Brenner est un ancien policier, qui n’apprécie pas nécessairement son ancien supérieur qui apparaît de temps en temps pour faire avancer l’enquête. Dame : elle dure depuis six mois, cette enquête, et l’on ne sait toujours pas qui a tué ses deux riches américains octogénaires, beaux-parents d’une riche figure locale.
Ce n’est pas que rien n’est simple, c’est que les figures hors-normes ne manquent pas dans ce coin perdu de l’Autriche. Certaines sont attachantes, comme , qui s’est totalement identifiée aux jeunes femmes sacrifiées pour la prospérité des industries américaines, ou Alois, capitaine des pompiers qui a découvert les corps, et qui, dans l’exercice de ses fonctions, a droit à une des plus belles pages du roman.
Si le dénouement du roman laisse un goût amer, si, et ce n’est pas si rare, j’ai trouvé que le coupable était une victime à part entière, l’Autriche ne sort pas grandi de ce roman. Depuis Elfriede Jelinek, les lecteurs savent que les campagnes paisibles autrichiennes ne sont pas celles que l’on veut bien nous montrer. Ce roman nous le prouve.
Une très belle découverte.

L’énigme de Saint-Olav

Présentation de l’éditeur :

Tallinn, 1409.
Sur les hauteurs de la ville, les chevaliers teutoniques incarnent une aristocratie en fin de règne, tandis que la ville basse de Tallinn brasse une population métissée et contrastée. On y croise orfèvres, compagnons maîtres chanteurs, marchands de l’ordre des Têtes-Noires et chefs de guildes, dans l’activité bouillonnante du port de commerce de la Hanse. Un haut responsable de l’ordre des chevaliers est retrouvé décapité à la porte du monastère, une épée ensanglantée abandonnée à la hâte sur le chemin de la ville basse. Le bailli fait appel à son fidèle ami Melchior, l’apothicaire, réputé pour son ingéniosité.

Mon avis :

Fans de policiers historiques, vous serez ravis de découvrir à la fois un pays peu connu (l’Estonie)et un tout nouveau héros, au nom de roi-mage, Melchior l’apothicaire. Il n’est pas enquêteur, comme sa profession l’indique. Il est un esprit éclairé, auquel les enquêteurs font appel : l’erreur est humaine, il est bon de tout faire, même à cette époque, pour s’en prémunir.

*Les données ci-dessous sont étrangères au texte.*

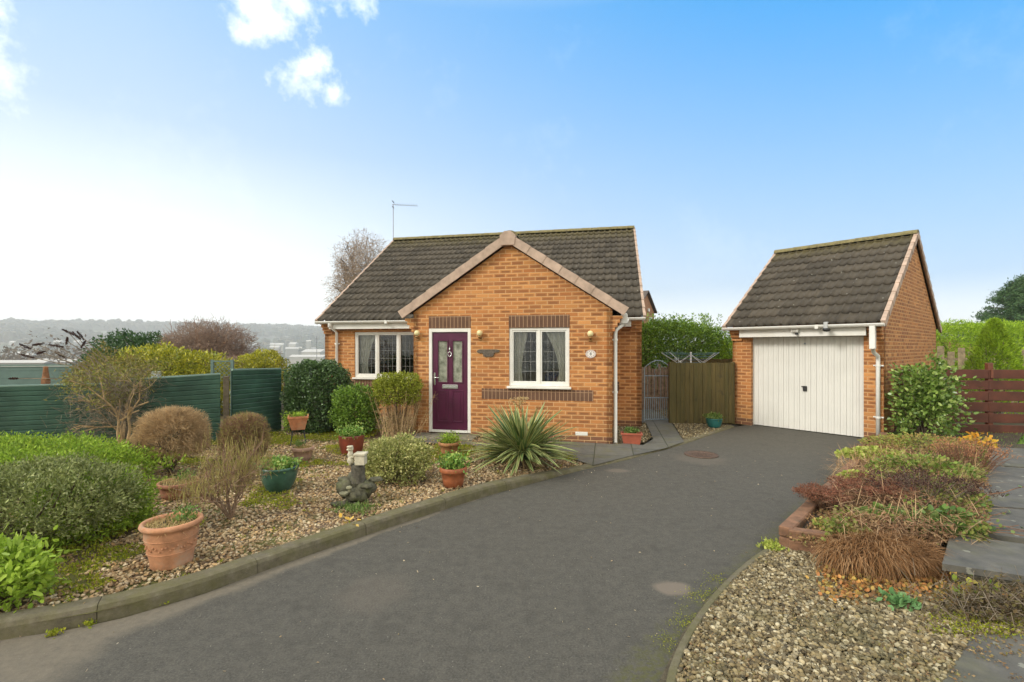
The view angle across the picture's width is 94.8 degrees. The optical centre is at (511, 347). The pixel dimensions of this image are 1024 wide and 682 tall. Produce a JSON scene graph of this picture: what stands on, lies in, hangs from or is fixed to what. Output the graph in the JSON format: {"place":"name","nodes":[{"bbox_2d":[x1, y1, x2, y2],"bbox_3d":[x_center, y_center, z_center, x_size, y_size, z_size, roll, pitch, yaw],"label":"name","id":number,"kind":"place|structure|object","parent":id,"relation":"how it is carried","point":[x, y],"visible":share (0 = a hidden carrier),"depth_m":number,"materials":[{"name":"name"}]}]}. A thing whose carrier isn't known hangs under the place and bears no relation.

Les temps sont rudes, les guerres sont encore bien présentes à l’esprit, de même que l’assaut de pirates et autres brigands. Pas de quartier pour eux, pas de quartier non plus quand ils sont capturés et condamnés. Mais ces violences n’étaient pas parvenus jusqu’à Tallinn (pas encore devrai-je dire, puisque l’auteur introduit, à la fin du roman, une anticipation qui nous renseigne à la fois sur le destin de la ville et sur celui de Melchior et son épouse), aussi il convient de trouver l’identité du coupable et de mettre fin à ce qui devient une série de meurtres. Ce n’est pas si facile, même si tout le monde ou presque se connaît dans la ville – justement. On fait attention aux inconnus, rares, on se méfie moins de quelqu’un qui, justement, est tout à fait à sa place.

Le roman se teinte de fantastique à cause de la malédiction dont Melchior et sa famille sont victimes. J’ai dit « fantastique », parce que c’est ainsi que l’on dirait si l’action était contemporaine. Pour Melchior il s’agit plutôt d’une malédiction divine. Vivre sans croire était impossible au XVe siècle. Pour ma part, j’ai du mal à croire en un Dieu aussi vindicatif.

L’énigme de Saint-Olav est un roman policier intéressant, pour qui aime le moyen-âge, l’importance de la religion dans la vie quotidienne, et les intrigues qui prennent le temps de se développer.